That's not the point. Smart pointer implementations aren't some dark magic, they're just the opposite: mostly fairly simple to implement (shared_ptr is a little trickier), and obviously right by construction: the compiler does the hard work of making sure the constructors and destructors get called appropriately (and this is a little harder but still far far easier than making sure that malloc() and free() match in all actual uses).


> just because you don't like pointers, does not mean the rest of us can't use them perfectly safely.

I actually use pointers quite safely. I just no longer see a need to ever return an allocation from `new` to a raw pointer unless I'm implementing my own pointer class.

Herb Sutter's correct [0]. `std::unique_ptr` or `std::shared_ptr` or some other pointer container should __always__ hold new-allocated objects. Just like you should __always__ wear your seatbelt. It's no danger to you or anyone else, it's slightly inconvenient, and it saves a metric ton of headaches about "what if?". Because in reality a pointer container explicitly marks the scope of the allocation and if you're not wanting to use C++'s scoping rules then why are you using C++?

[0] https://www.youtube.com/watch?v=JfmTagWcqoE


The statement you quoted is simply a fact, not badmouthing. If there is any badmouthing by implication, it wouldn't be "all" C++ developers, just those who don't realize they're doing something spooky when their code looks like Foo *foo = new Foo.


This is one of the best troll posts that is getting taken seriously ever... wow.


The std::function<void(char*)> is the tell :-)


Why do you think that marks a troll? Have you never had to use a C library which wants you to use the library's structure allocator / deallocator? In that case, this translates very well to malloc/dealloc.

@unlinked_dll has it correct: the C++ way to allocate an array of chars is `std::vector<char>` (or `std::array<char, size>`).


It's a bit bloaty and verbose as well, you could just use void(&)(void *).


Doesn't that break when std::free does not have the default C++ calling convention? I think `decltype(std::free)` would be easier to read anyway, but writing a deleter class that calls std::free in its operator() has the advantage that it will not use any memory in the unique_ptr thanks to the empty base class optimization.


I don't think that's possible, and in that case the std::function wouldn't work either.


I was thinking about calling conventions because std::free can use extern "C", but the function pointer declaration in C++ code points to an extern "C++" function, and the standard says these are two distinctive types. Are they guaranteed to be compatible - since they're only linkage specifiers, not calling conventions? I'm not sure.

std::function would still work in this case because pointers to C functions have a normal operator().


Oh, right, it would work. Anyway, it looks like compilers have a known bug and they’re supposed to treat the types as incompatible.


Sometimes your just need a buffer for a syscall. Newing a buffer is canonical and unique_ptr isn’t free enough to use in the most performance sensitive contexts.
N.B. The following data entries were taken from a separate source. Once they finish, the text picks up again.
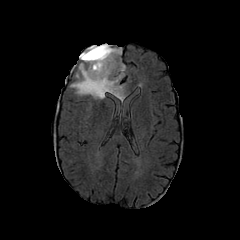
FLAIR magnetic resonance.
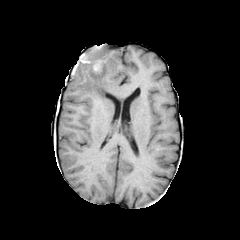
T1-weighted magnetic resonance of the same slice.
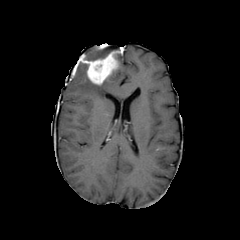
Post-contrast T1-weighted MR.
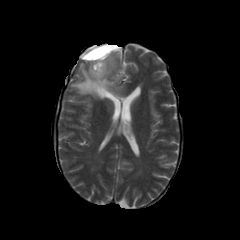
Same slice, T2-weighted MR image.
The enhancing tumor is located at (79,47,123,85). The edema is located at (70,60,127,105). 2 non-enhancing tumor core regions are located at (84,45,118,60), (87,79,105,93).
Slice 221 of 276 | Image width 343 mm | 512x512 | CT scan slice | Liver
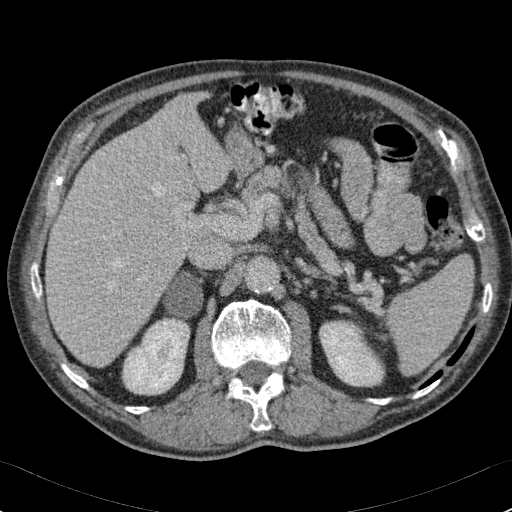
2 kidney regions are located at (x1=320, y1=321, x2=383, y2=385), (x1=123, y1=319, x2=188, y2=393). The liver appears at (x1=46, y1=95, x2=228, y2=365).
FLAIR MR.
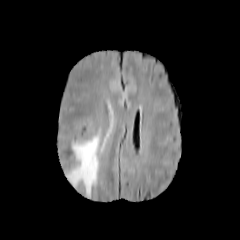
T1-weighted MR image.
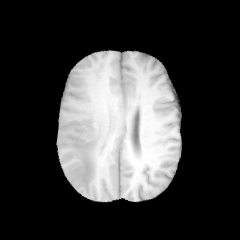
Post-contrast T1-weighted MR.
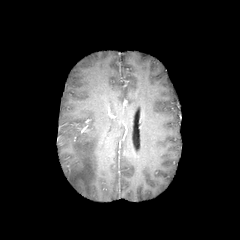
T2-weighted MR.
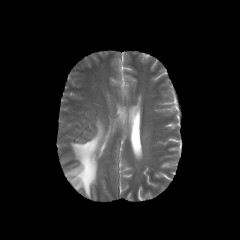
Head
The edema appears at bbox(66, 121, 104, 197).
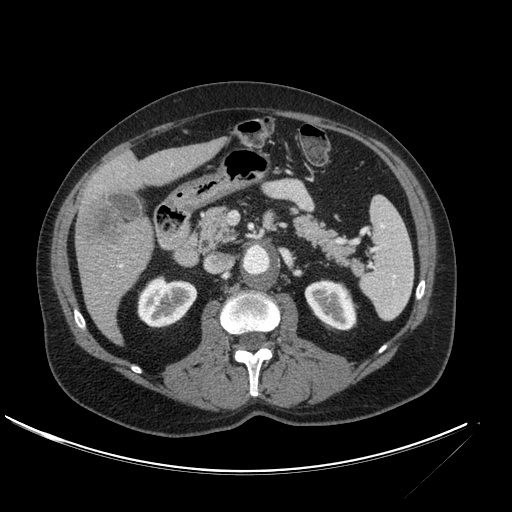

Abdomen. Image size 512x512. Computed tomography.

Segmented structures:
• liver: [x1=76, y1=217, x2=154, y2=344], [x1=80, y1=136, x2=227, y2=209]
• hepatic lesion: [x1=76, y1=188, x2=126, y2=250]
• kidney: [x1=138, y1=279, x2=196, y2=326], [x1=305, y1=281, x2=355, y2=329]
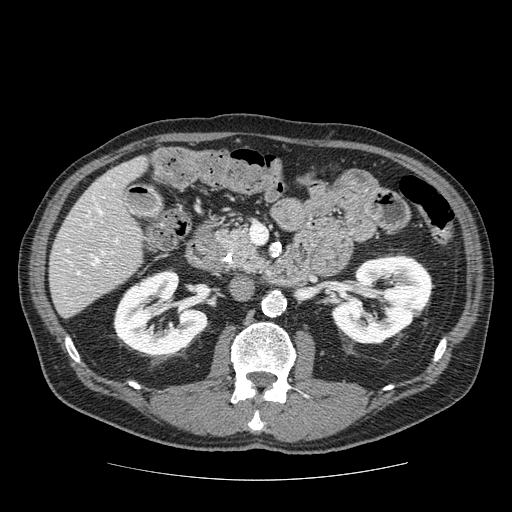

CT slice. 512x512 px.
pancreatic_tumor:
  - region(231, 240, 253, 255)
pancreas:
  - region(216, 226, 267, 274)
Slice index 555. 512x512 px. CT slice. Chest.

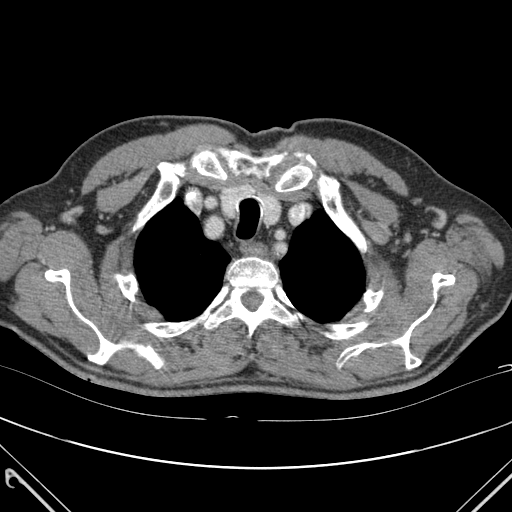

• bone: x1=45, y1=269, x2=121, y2=364; x1=276, y1=165, x2=312, y2=191; x1=116, y1=275, x2=137, y2=300; x1=276, y1=286, x2=292, y2=306; x1=432, y1=273, x2=454, y2=297; x1=342, y1=343, x2=379, y2=358; x1=192, y1=146, x2=252, y2=179; x1=318, y1=175, x2=365, y2=249; x1=136, y1=346, x2=162, y2=368; x1=326, y1=322, x2=367, y2=338; x1=262, y1=155, x2=283, y2=164; x1=393, y1=305, x2=433, y2=368; x1=145, y1=257, x2=296, y2=336; x1=364, y1=290, x2=382, y2=311; x1=138, y1=162, x2=184, y2=226
• lung: x1=134, y1=199, x2=230, y2=321; x1=279, y1=210, x2=364, y2=322

Can you give an example of unique_ptr being too heavy?


I worked with a team which used raw pointers instead of unique_ptr as they use more memory (twice as much, I think). The core data structure was a tree, and the tree was several hundred GB in size. So they were doing whatever they could to shave off memory.


Unique pointers imply ownership of the underlying memory. If you have multiple references to the same data, or in your case a tree, it might make sense to use raw pointers (or references) to access the tree data. It would not make sense to grant ownership of the same memory to two unique_ptr, or make copies of data unnecessarily.


In that case, you'd have something like `std::vector` or `std::unique_ptr` which owns the actual allocation (and governs the scoping and therefore deallocation), while using `vector.data()` or `unique_ptr.get()` to pass around an unowned pointer. All raw pointers can then be considered to be unowned by convention.


Without a custom deleter unique_ptr should have zero overhead.


unique_ptr does not have any memory overhead. (unless you use a custom deleter, but even then you could use one which does not use memory)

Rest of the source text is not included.